**Input material:**

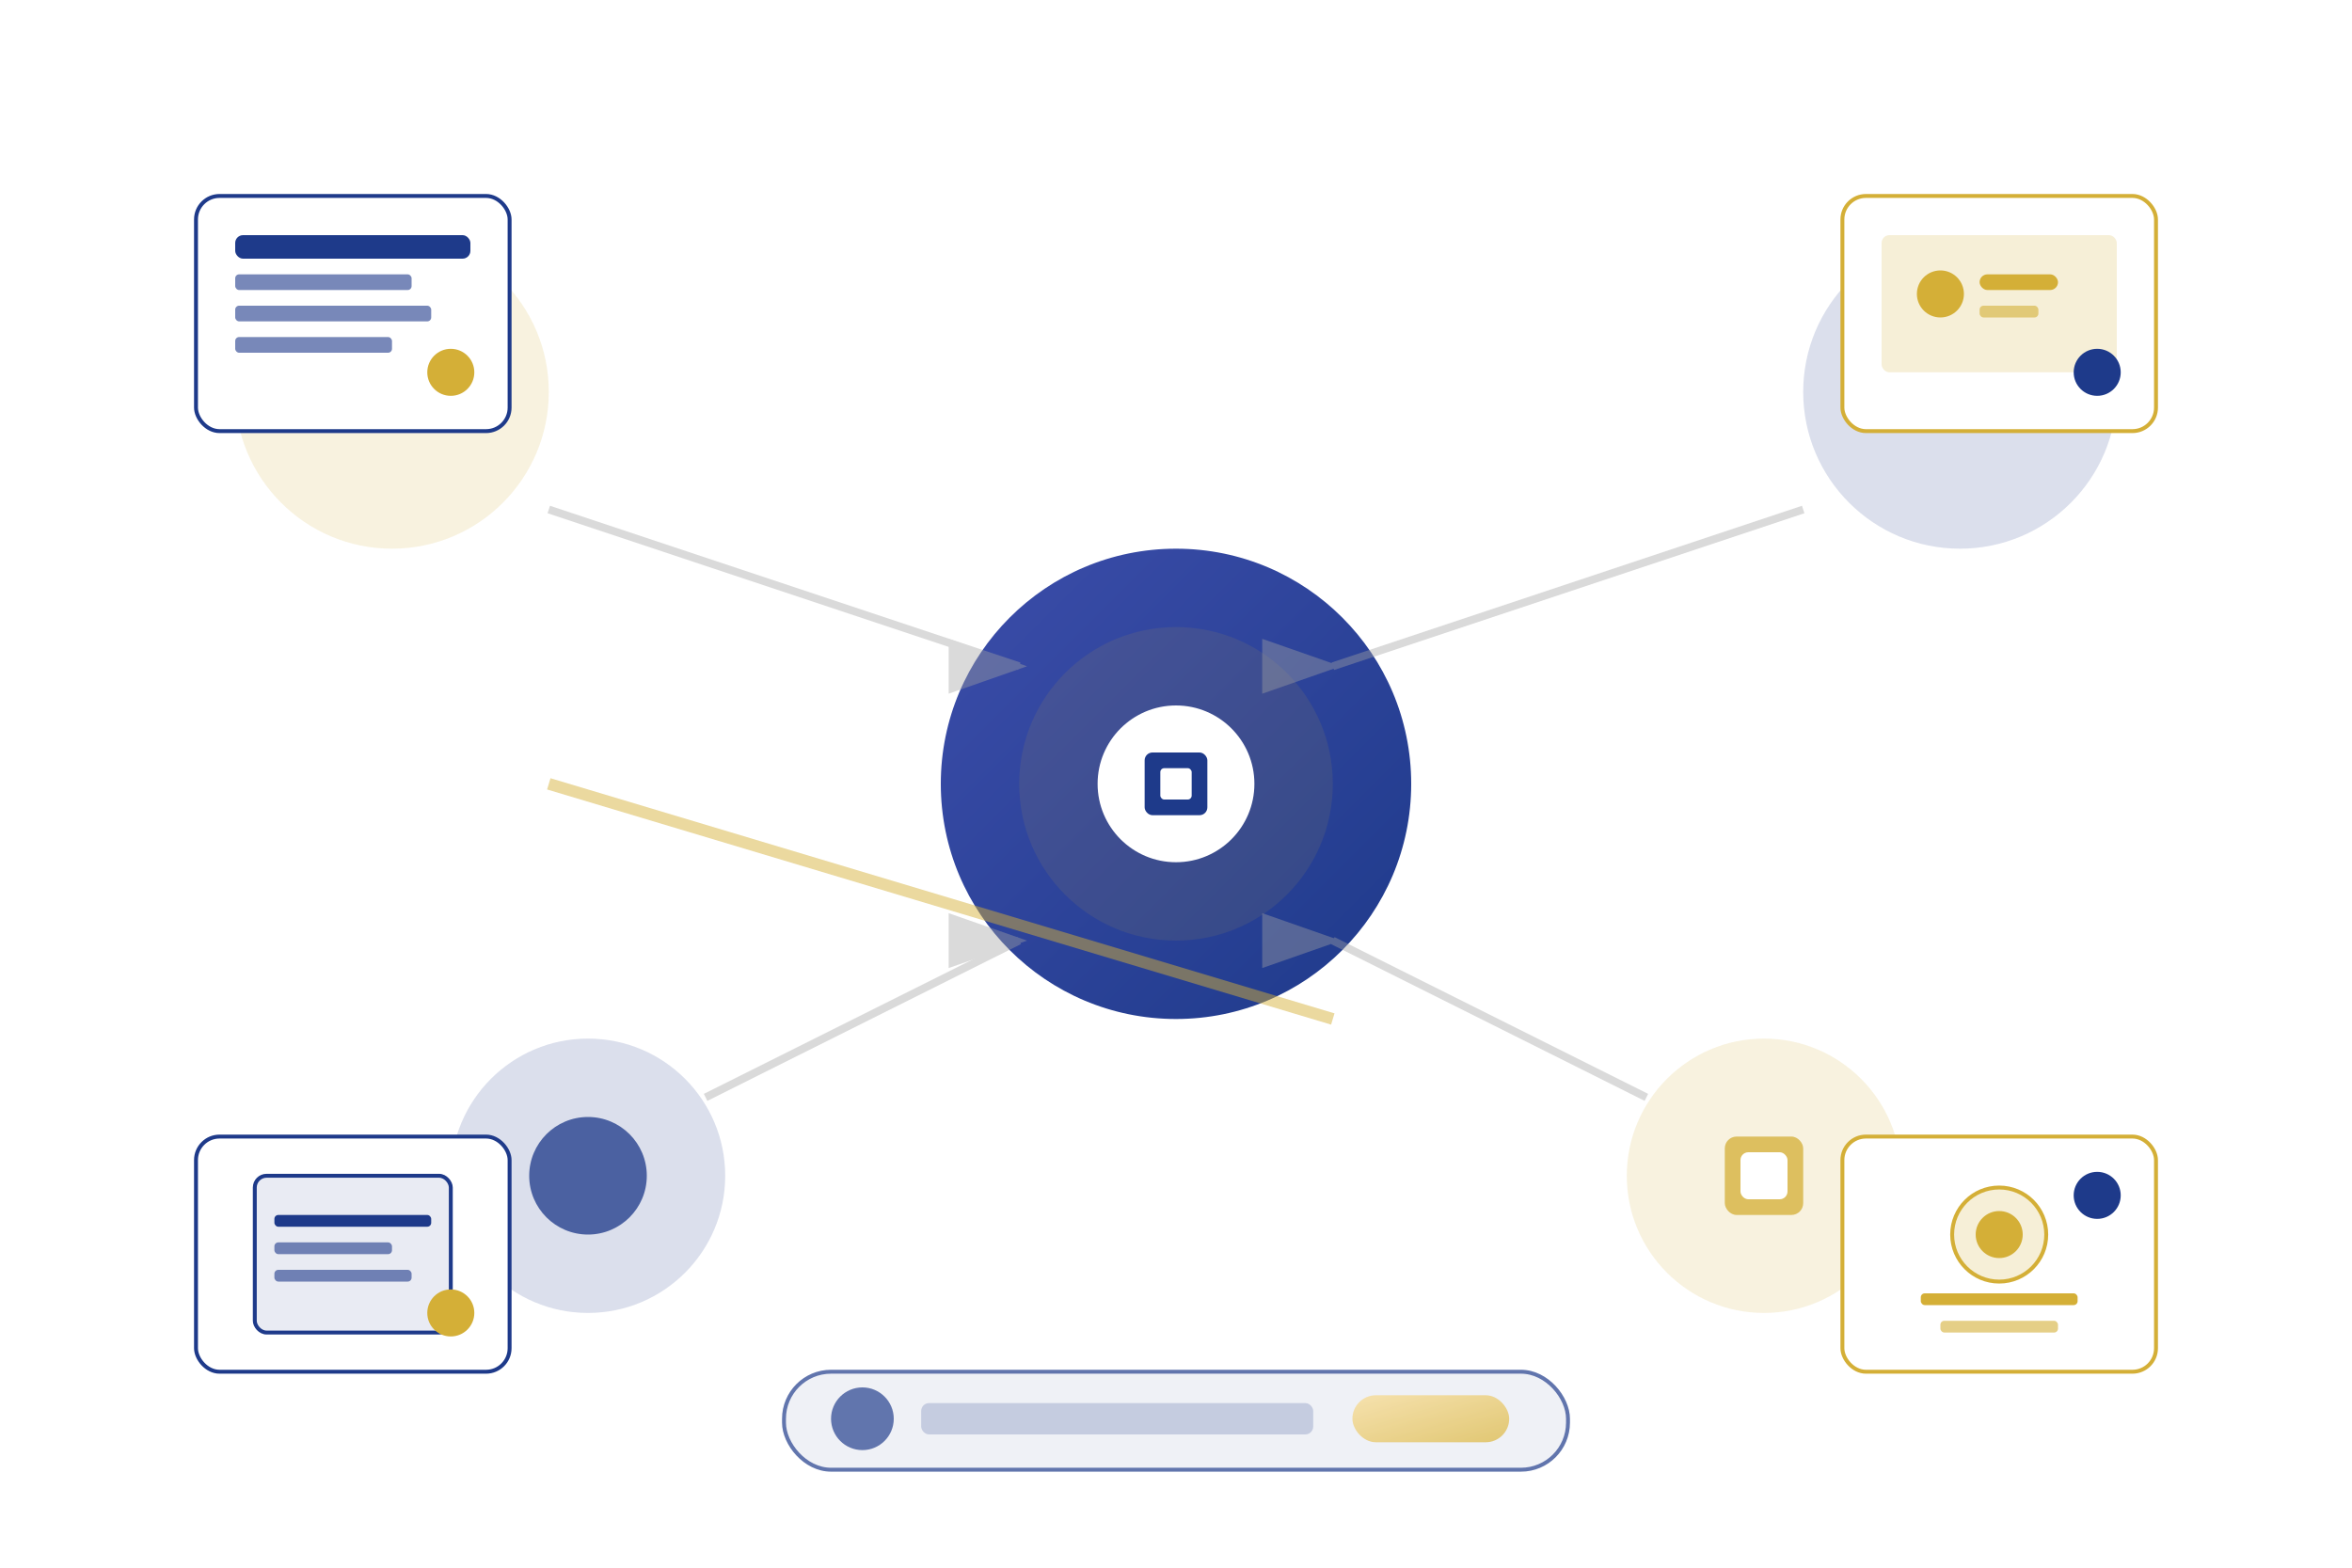 <svg width="600" height="400" viewBox="0 0 600 400" xmlns="http://www.w3.org/2000/svg">
  <defs>
    <linearGradient id="primaryGradient" x1="0%" y1="0%" x2="100%" y2="100%">
      <stop offset="0%" style="stop-color:#3C4DAA;stop-opacity:1" />
      <stop offset="100%" style="stop-color:#1E3A8A;stop-opacity:1" />
    </linearGradient>
    
    <linearGradient id="goldGradient" x1="0%" y1="0%" x2="100%" y2="100%">
      <stop offset="0%" style="stop-color:#F2D58B;stop-opacity:1" />
      <stop offset="100%" style="stop-color:#D4AF37;stop-opacity:1" />
    </linearGradient>
    
    <filter id="shadow">
      <feDropShadow dx="0" dy="4" stdDeviation="4" flood-opacity="0.1"/>
    </filter>
    
    <filter id="glow">
      <feGaussianBlur stdDeviation="2" result="coloredBlur"/>
      <feMerge> 
        <feMergeNode in="coloredBlur"/>
        <feMergeNode in="SourceGraphic"/>
      </feMerge>
    </filter>
  </defs>
  
  <!-- Central collection hub -->
  <g transform="translate(300,200)">
    <circle cx="0" cy="0" r="60" fill="url(#primaryGradient)" filter="url(#glow)"/>
    <circle cx="0" cy="0" r="40" fill="rgba(212,175,55,0.1)"/>
    <circle cx="0" cy="0" r="20" fill="white"/>
    <rect x="-8" y="-8" width="16" height="16" rx="2" fill="#1E3A8A"/>
    <rect x="-4" y="-4" width="8" height="8" fill="white" rx="1"/>
  </g>
  
  <!-- Cloud service integrations -->
  <g opacity="0.8">
    <!-- Google Workspace -->
    <g transform="translate(100,100)">
      <circle cx="0" cy="0" r="40" fill="rgba(212,175,55,0.2)" filter="url(#shadow)"/>
      <rect x="-15" y="-10" width="30" height="20" rx="4" fill="#D4AF37"/>
      <circle cx="0" cy="0" r="6" fill="white"/>
      <line x1="40" y1="100" x2="240" y2="160" stroke="#D4AF37" stroke-width="3" opacity="0.6"/>
    </g>
    
    <!-- AWS -->
    <g transform="translate(500,100)">
      <circle cx="0" cy="0" r="40" fill="rgba(30,58,138,0.2)" filter="url(#shadow)"/>
      <ellipse cx="0" cy="0" rx="15" ry="8" fill="#1E3A8A"/>
      <ellipse cx="-8" cy="-5" rx="8" ry="5" fill="#1E3A8A"/>
      <ellipse cx="8" cy="-5" rx="8" ry="5" fill="#1E3A8A"/>
      <line x1="460" y1="100" x2="360" y2="160" stroke="#1E3A8A" stroke-width="3" opacity="0.6"/>
    </g>
    
    <!-- GitHub -->
    <g transform="translate(150,300)">
      <circle cx="0" cy="0" r="35" fill="rgba(30,58,138,0.2)" filter="url(#shadow)"/>
      <circle cx="0" cy="0" r="15" fill="#1E3A8A"/>
      <circle cx="-6" cy="-6" r="4" fill="#1E3A8A"/>
      <circle cx="6" cy="-6" r="4" fill="#1E3A8A"/>
      <circle cx="0" cy="8" r="4" fill="#1E3A8A"/>
      <line x1="150" y1="265" x2="240" y2="220" stroke="#1E3A8A" stroke-width="3" opacity="0.6"/>
    </g>
    
    <!-- Slack -->
    <g transform="translate(450,300)">
      <circle cx="0" cy="0" r="35" fill="rgba(212,175,55,0.2)" filter="url(#shadow)"/>
      <rect x="-10" y="-10" width="20" height="20" rx="3" fill="#D4AF37"/>
      <rect x="-6" y="-6" width="12" height="12" fill="white" rx="2"/>
      <line x1="415" y1="300" x2="360" y2="240" stroke="#D4AF37" stroke-width="3" opacity="0.6"/>
    </g>
  </g>
  
  <!-- Evidence types collected -->
  <g transform="translate(50,50)">
    <!-- Logs -->
    <rect x="0" y="0" width="80" height="60" rx="6" fill="white" filter="url(#shadow)" stroke="#1E3A8A"/>
    <rect x="10" y="10" width="60" height="6" fill="#1E3A8A" rx="2"/>
    <rect x="10" y="20" width="45" height="4" fill="rgba(30,58,138,0.6)" rx="1"/>
    <rect x="10" y="28" width="50" height="4" fill="rgba(30,58,138,0.6)" rx="1"/>
    <rect x="10" y="36" width="40" height="4" fill="rgba(30,58,138,0.6)" rx="1"/>
    <circle cx="65" cy="45" r="6" fill="#D4AF37"/>
  </g>
  
  <!-- Screenshots -->
  <g transform="translate(470,50)">
    <rect x="0" y="0" width="80" height="60" rx="6" fill="white" filter="url(#shadow)" stroke="#D4AF37"/>
    <rect x="10" y="10" width="60" height="35" fill="rgba(212,175,55,0.2)" rx="2"/>
    <circle cx="25" cy="25" r="6" fill="#D4AF37"/>
    <rect x="35" y="20" width="20" height="4" fill="#D4AF37" rx="2"/>
    <rect x="35" y="28" width="15" height="3" fill="rgba(212,175,55,0.6)" rx="1"/>
    <circle cx="65" cy="45" r="6" fill="#1E3A8A"/>
  </g>
  
  <!-- Documents -->
  <g transform="translate(50,290)">
    <rect x="0" y="0" width="80" height="60" rx="6" fill="white" filter="url(#shadow)" stroke="#1E3A8A"/>
    <rect x="15" y="10" width="50" height="40" rx="3" fill="rgba(30,58,138,0.1)" stroke="#1E3A8A"/>
    <rect x="20" y="20" width="40" height="3" fill="#1E3A8A" rx="1"/>
    <rect x="20" y="27" width="30" height="3" fill="rgba(30,58,138,0.6)" rx="1"/>
    <rect x="20" y="34" width="35" height="3" fill="rgba(30,58,138,0.6)" rx="1"/>
    <circle cx="65" cy="45" r="6" fill="#D4AF37"/>
  </g>
  
  <!-- Configs -->
  <g transform="translate(470,290)">
    <rect x="0" y="0" width="80" height="60" rx="6" fill="white" filter="url(#shadow)" stroke="#D4AF37"/>
    <circle cx="40" cy="25" r="12" fill="rgba(212,175,55,0.2)" stroke="#D4AF37"/>
    <circle cx="40" cy="25" r="6" fill="#D4AF37"/>
    <rect x="20" y="40" width="40" height="3" fill="#D4AF37" rx="1"/>
    <rect x="25" y="47" width="30" height="3" fill="rgba(212,175,55,0.6)" rx="1"/>
    <circle cx="65" cy="15" r="6" fill="#1E3A8A"/>
  </g>
  
  <!-- Automation indicators -->
  <g transform="translate(200,350)" opacity="0.7">
    <rect x="0" y="0" width="200" height="25" rx="12" fill="rgba(30,58,138,0.1)" stroke="#1E3A8A"/>
    <circle cx="20" cy="12" r="8" fill="#1E3A8A"/>
    <rect x="35" y="8" width="100" height="8" fill="rgba(30,58,138,0.3)" rx="2"/>
    <rect x="145" y="6" width="40" height="12" fill="url(#goldGradient)" rx="6"/>
  </g>
  
  <!-- Data flow arrows -->
  <g stroke="#a3a3a3" stroke-width="2" fill="none" opacity="0.4">
    <path d="M140,130 Q200,150 260,170" marker-end="url(#arrowhead)"/>
    <path d="M460,130 Q400,150 340,170" marker-end="url(#arrowhead)"/>
    <path d="M180,280 Q220,260 260,240" marker-end="url(#arrowhead)"/>
    <path d="M420,280 Q380,260 340,240" marker-end="url(#arrowhead)"/>
  </g>
  
  <!-- Arrow marker -->
  <defs>
    <marker id="arrowhead" markerWidth="10" markerHeight="7" refX="9" refY="3.5" orient="auto">
      <polygon points="0 0, 10 3.5, 0 7" fill="#a3a3a3"/>
    </marker>
  </defs>
</svg>

**What is being asked:** Go through the listing above, and whenever a line holds the word "glow", copy it.

**Task result:**
    <filter id="glow">
    <circle cx="0" cy="0" r="60" fill="url(#primaryGradient)" filter="url(#glow)"/>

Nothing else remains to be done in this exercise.